At trial, defendant repudiated his earlier statements, claiming that he had never met Jennings and did not kill him. Defendant also presented the alibi that he had been working at Thrift Town, a secondhand shop, on the day Jennings died. Defendant's time card was punched in at 12:31 p.m. and punched out at 9:02 p.m. In rebuttal, the People showed that others could have punched defendant's card. Defendant's brother, who also worked at Thrift Town, punched out for lunch at 12:31 p.m. Karen Worden, defendant's friend, punched out at 9:03 p.m.

c. The Murder of Antoinette Brown

Defendant killed Antoinette Brown, a 75-year-old widow living alone, on November 16, 1980.

The last person who saw Brown alive was Wayne Anderson, a neighbor. At about 4 p.m. on Sunday, November 16, Brown brought Anderson some homemade cookies, and he invited her to Thanksgiving dinner. When Anderson returned from work the next day he saw that Brown's Sunday and Monday newspapers were still at her door. He knocked on her door and telephoned but got no answer. Because Brown still had not collected her newspapers on Tuesday, Anderson called Brown's sister, who had a key to the apartment.

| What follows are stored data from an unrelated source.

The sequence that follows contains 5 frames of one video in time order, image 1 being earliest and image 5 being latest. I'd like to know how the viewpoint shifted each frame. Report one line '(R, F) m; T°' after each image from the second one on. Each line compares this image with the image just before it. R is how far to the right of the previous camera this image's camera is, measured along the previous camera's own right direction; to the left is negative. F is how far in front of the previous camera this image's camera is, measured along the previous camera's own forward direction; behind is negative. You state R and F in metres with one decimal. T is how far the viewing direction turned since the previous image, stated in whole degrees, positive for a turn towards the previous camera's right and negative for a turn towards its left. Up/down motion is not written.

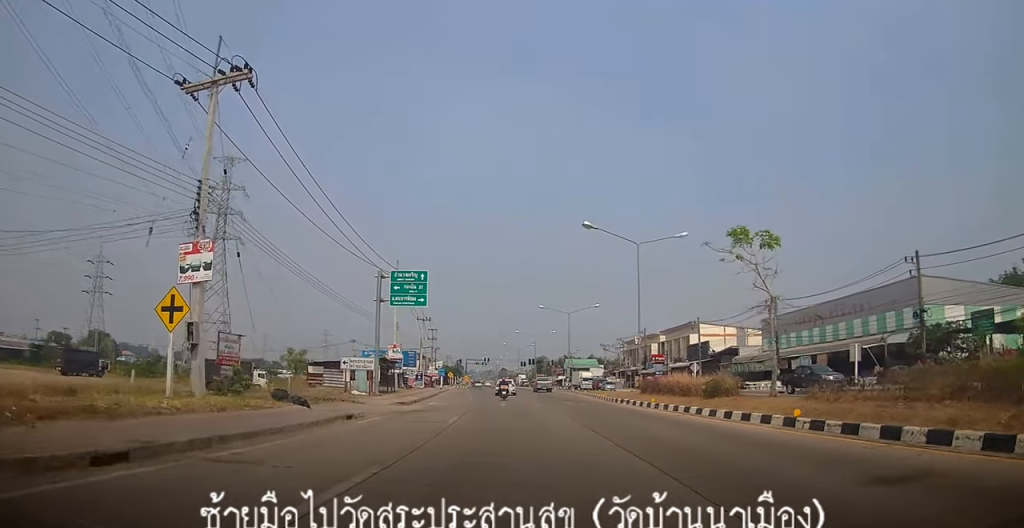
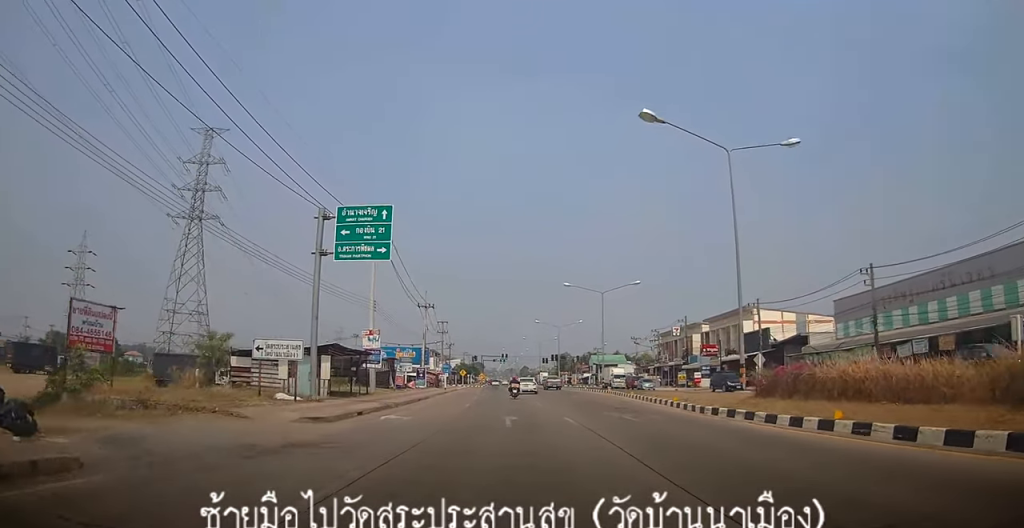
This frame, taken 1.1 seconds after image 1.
(-0.4, +13.1) m; -3°
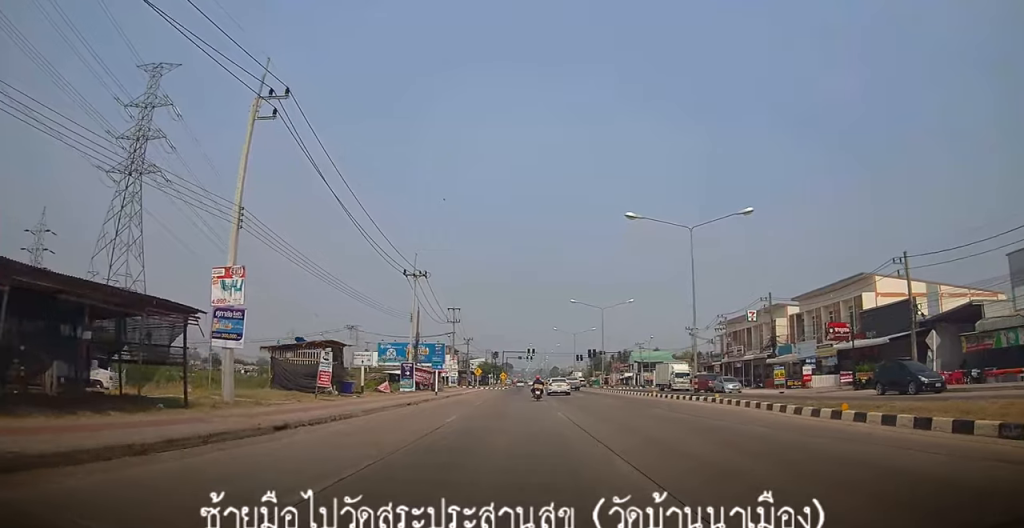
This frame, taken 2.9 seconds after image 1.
(-0.5, +21.0) m; -1°
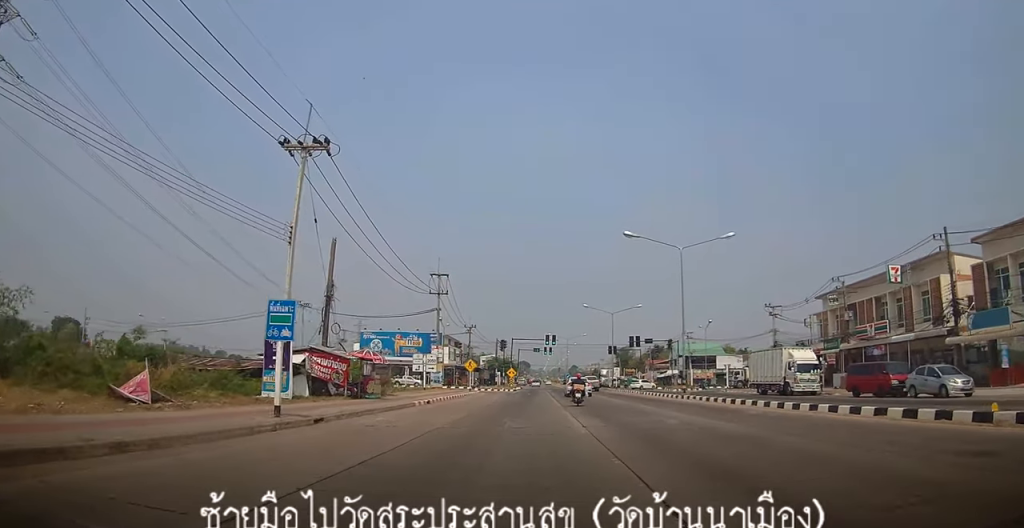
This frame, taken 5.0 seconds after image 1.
(-0.5, +27.0) m; -2°
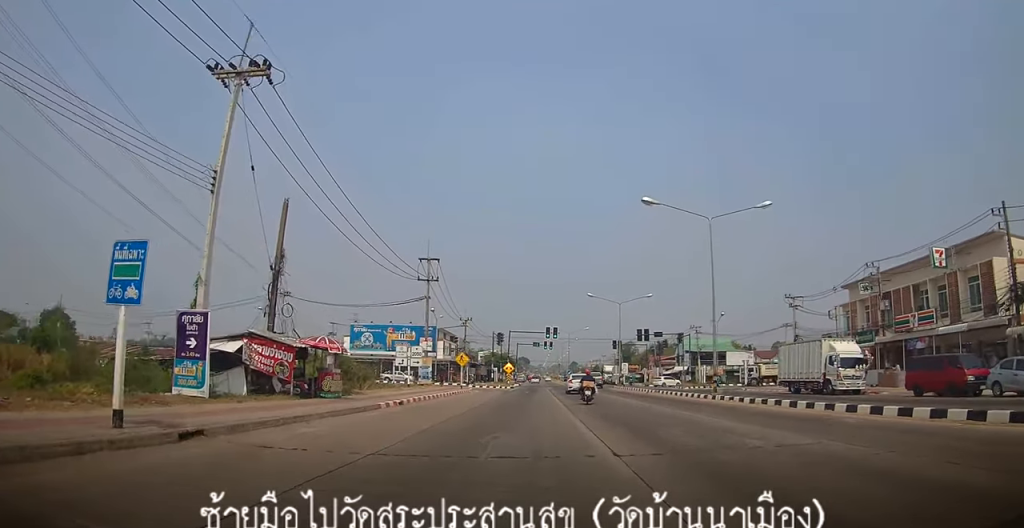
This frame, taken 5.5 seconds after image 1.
(-0.1, +5.9) m; 0°

Inside the apartment, Anderson and Brown's sister found the body face down in the bedroom. Around Brown's neck was a knotted ligature fashioned from a silk undergarment. Brown's body was clothed, but her slip had been pulled up above her waist and her brassiere had been pulled down. The [52 Cal.3d 922] autopsy surgeon determined that Brown had died of asphyxiation due to strangulation. Brown had also been beaten before death. There were bruises, scrapes, and cuts over most of her body. In addition, Brown's rings and purse had been taken from the apartment.

A second neighbor, Paula White, testified that she briefly saw a young, male stranger leave the elevator on the first floor at about 4 p.m. During their investigation, police asked White to select a photograph of the stranger from a set of six. She selected photographs of defendant and one other person.

In his statements to the police, defendant occasionally confused Brown's murder with that of Dorothy Lang, his next victim. Defendant did, however, provide many accurate details. Defendant correctly remembered that the murder had occurred at about 4 p.m. Defendant also correctly remembered that Brown had worn a dark colored dress with a flowered design, that she had driven a full-sized American car, that her apartment building had four floors and a balcony facing the street, that she had lived in the front apartment on the second floor, and that the underground garage, which was not visible from the street, had a cord that opened the door automatically. Defendant also drew for police an accurate diagram of...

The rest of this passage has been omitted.